* [Brief]:
When you repeat the entries below, please keep them exact and leave out the pictures.
####
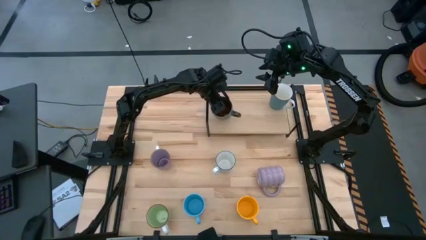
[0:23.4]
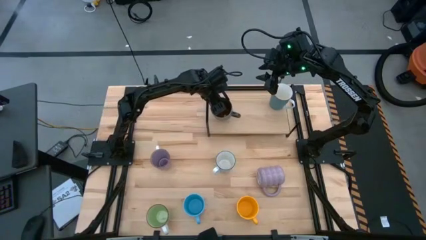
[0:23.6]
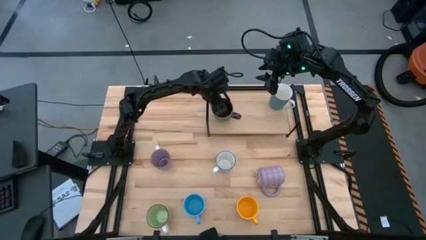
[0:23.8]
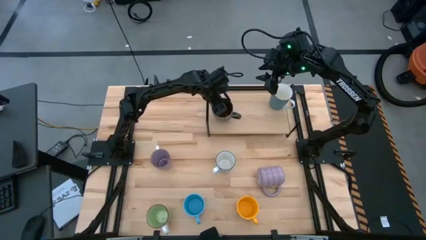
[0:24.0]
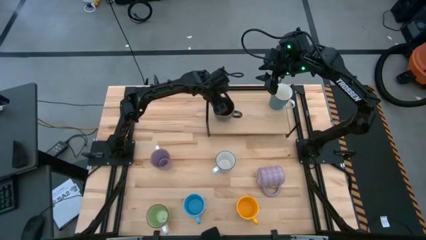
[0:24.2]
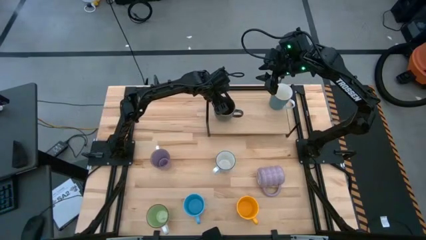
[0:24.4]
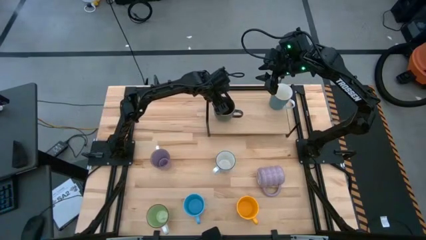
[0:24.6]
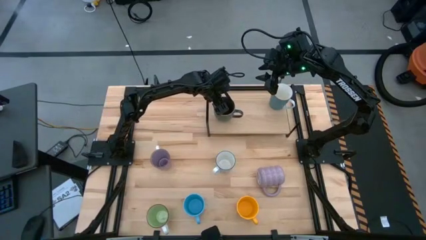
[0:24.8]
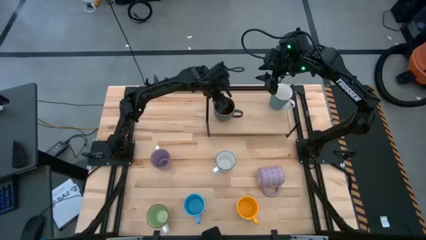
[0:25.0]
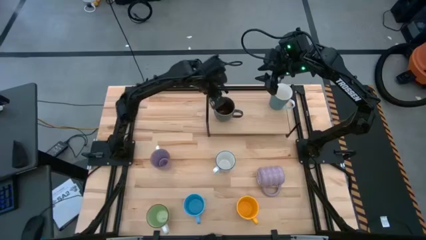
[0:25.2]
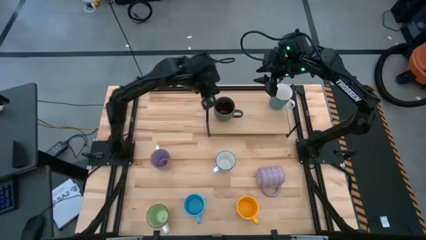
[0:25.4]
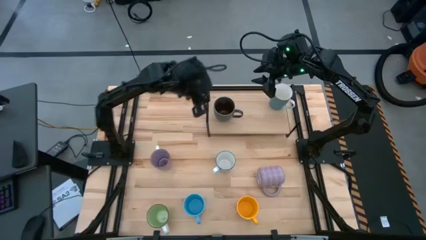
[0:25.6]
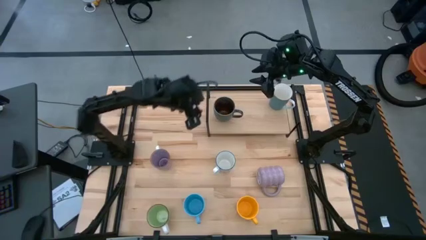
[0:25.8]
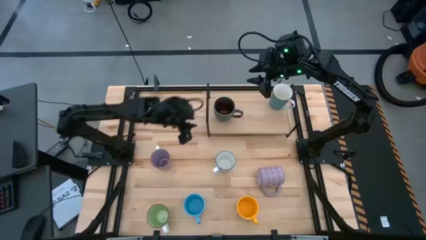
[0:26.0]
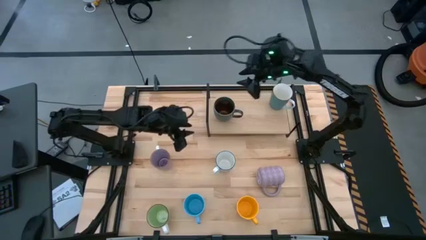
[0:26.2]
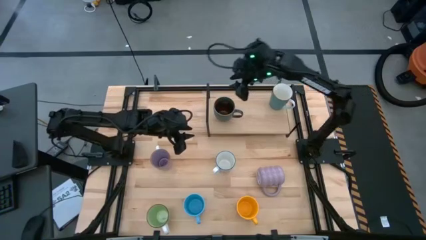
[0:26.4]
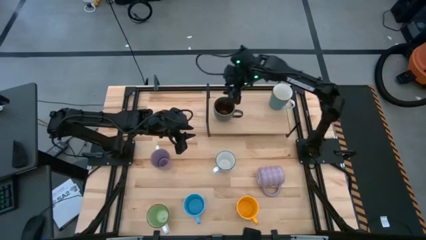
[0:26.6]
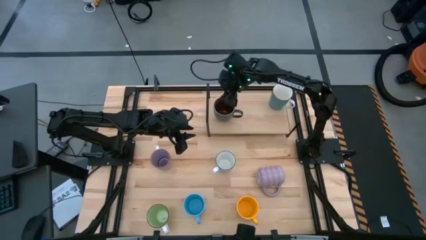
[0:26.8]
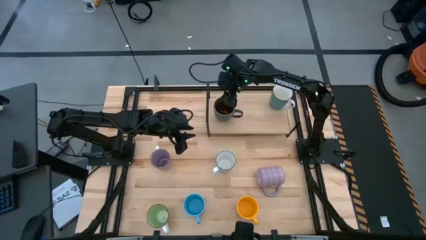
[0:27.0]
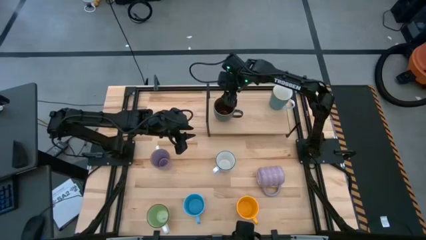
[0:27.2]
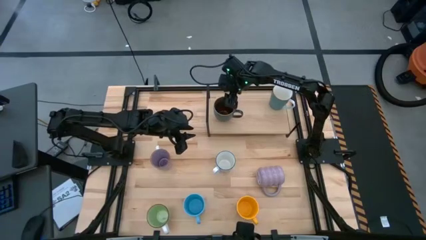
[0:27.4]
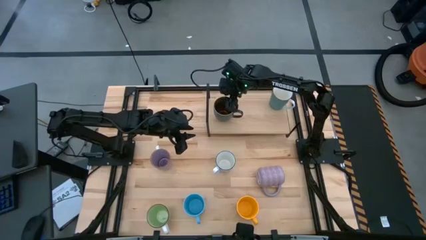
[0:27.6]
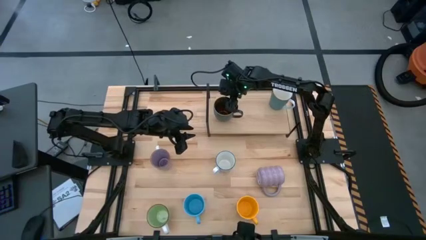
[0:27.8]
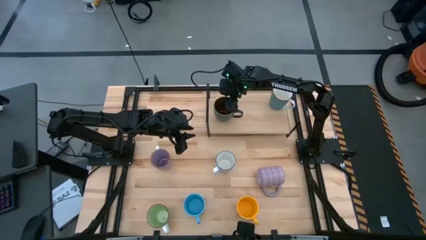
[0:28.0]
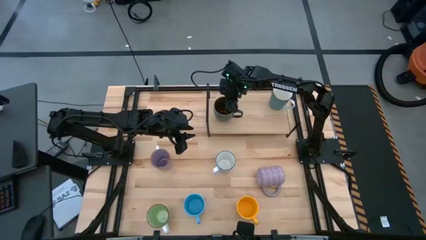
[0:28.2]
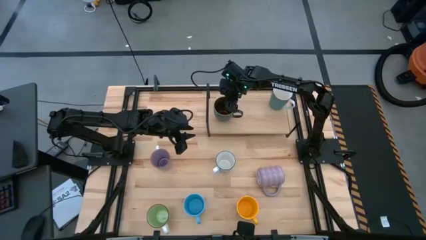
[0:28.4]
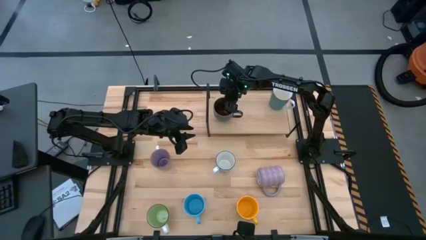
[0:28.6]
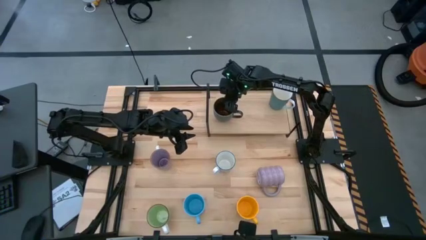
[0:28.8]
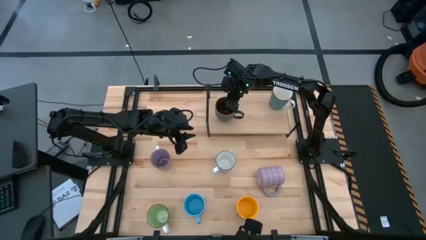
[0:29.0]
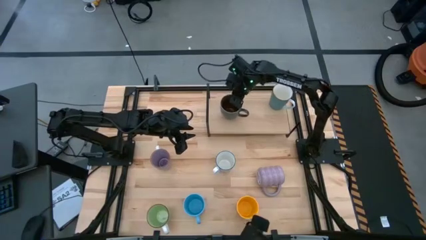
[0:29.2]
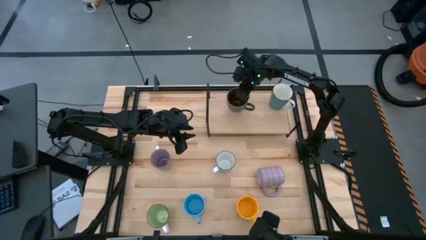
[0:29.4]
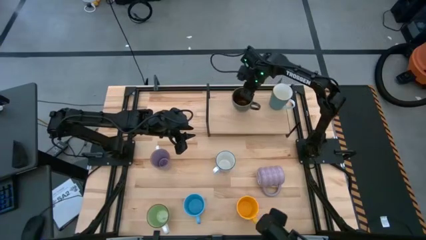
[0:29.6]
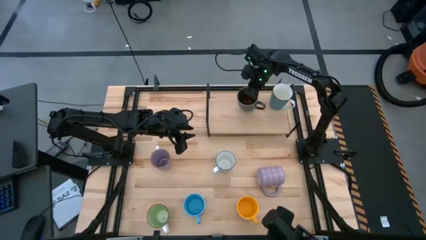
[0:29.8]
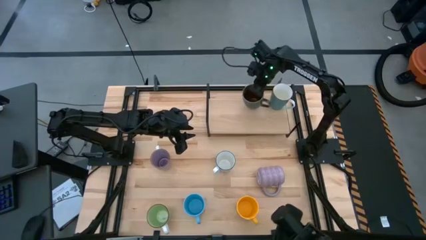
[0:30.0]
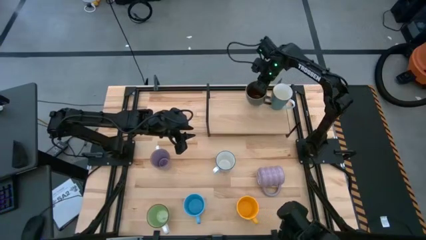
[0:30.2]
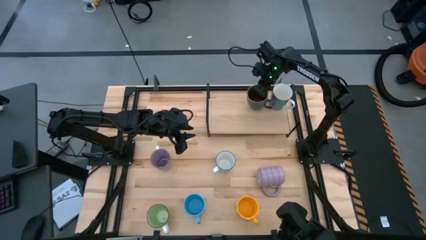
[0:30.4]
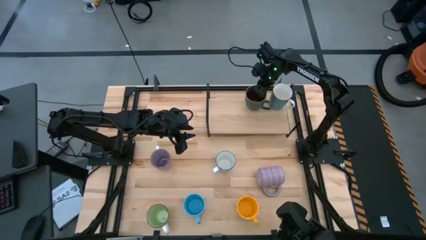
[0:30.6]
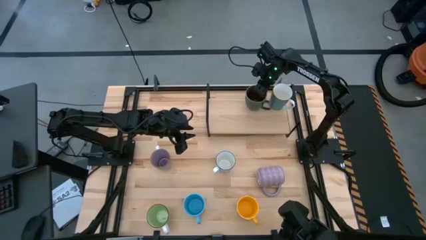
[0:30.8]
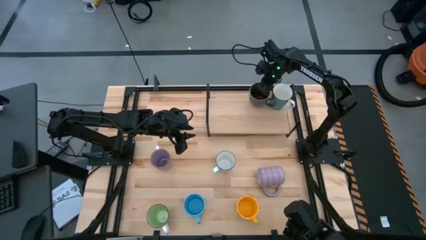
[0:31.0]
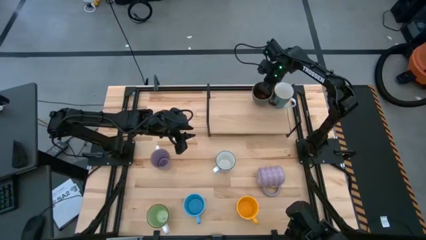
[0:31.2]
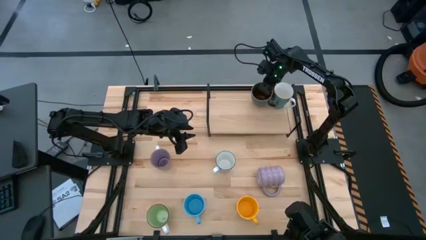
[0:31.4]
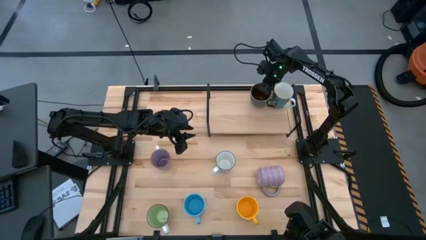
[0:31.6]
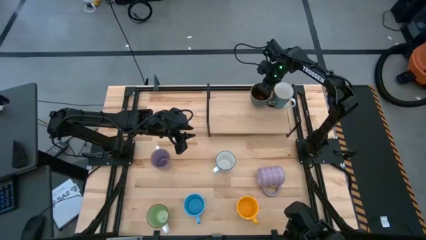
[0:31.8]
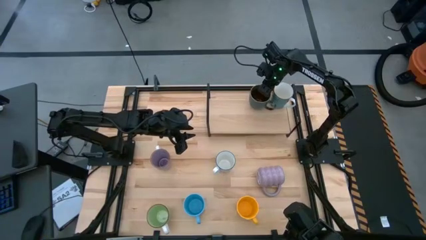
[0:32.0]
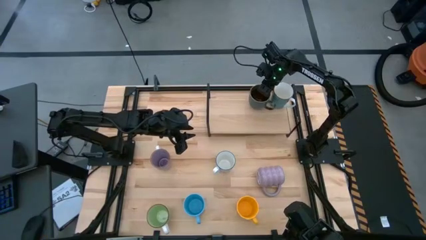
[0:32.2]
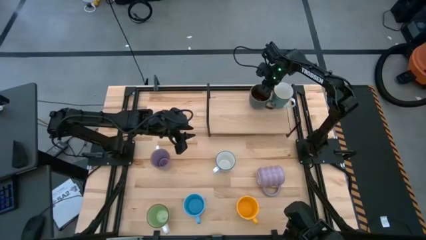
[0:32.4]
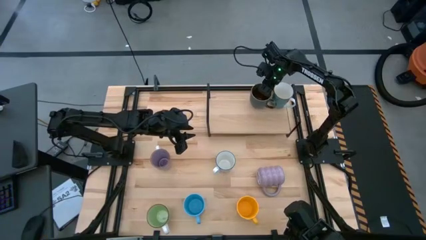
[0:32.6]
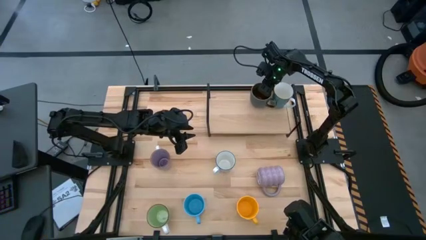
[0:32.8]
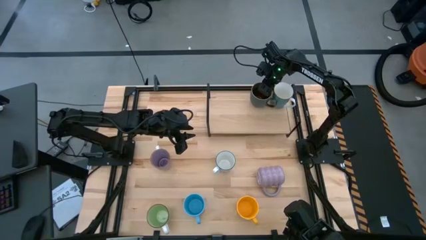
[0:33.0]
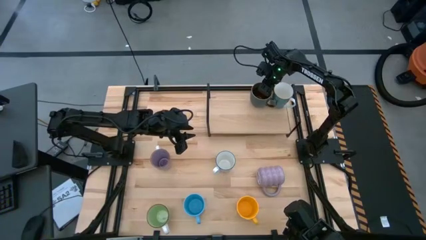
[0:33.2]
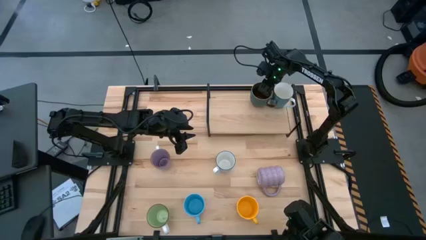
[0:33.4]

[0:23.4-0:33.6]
Task: Place coffee mugs
Put the blue patterned mug on the shelf
####
* [Result of the exercise]:
[0:23.4]
[0:23.6]
[0:23.8]
[0:24.0]
[0:24.2]
[0:24.4]
[0:24.6]
[0:24.8]
[0:25.0]
[0:25.2]
[0:25.4]
[0:25.6]
[0:25.8]
[0:26.0]
[0:26.2]
[0:26.4]
[0:26.6]
[0:26.8]
[0:27.0]
[0:27.2]
[0:27.4]
[0:27.6]
[0:27.8]
[0:28.0]
[0:28.2]
[0:28.4]
[0:28.6]
[0:28.8]
[0:29.0]
[0:29.2]
[0:29.4]
[0:29.6]
[0:29.8]
[0:30.0]
[0:30.2]
[0:30.4]
[0:30.6]
[0:30.8]
[0:31.0]
[0:31.2]
[0:31.4]
[0:31.6]
[0:31.8]
[0:32.0]
[0:32.2]
[0:32.4]
[0:32.6]
[0:32.8]
[0:33.0]
[0:33.2]
[0:33.4]

[0:23.4-0:33.6]
Task: Place coffee mugs
Put the blue patterned mug on the shelf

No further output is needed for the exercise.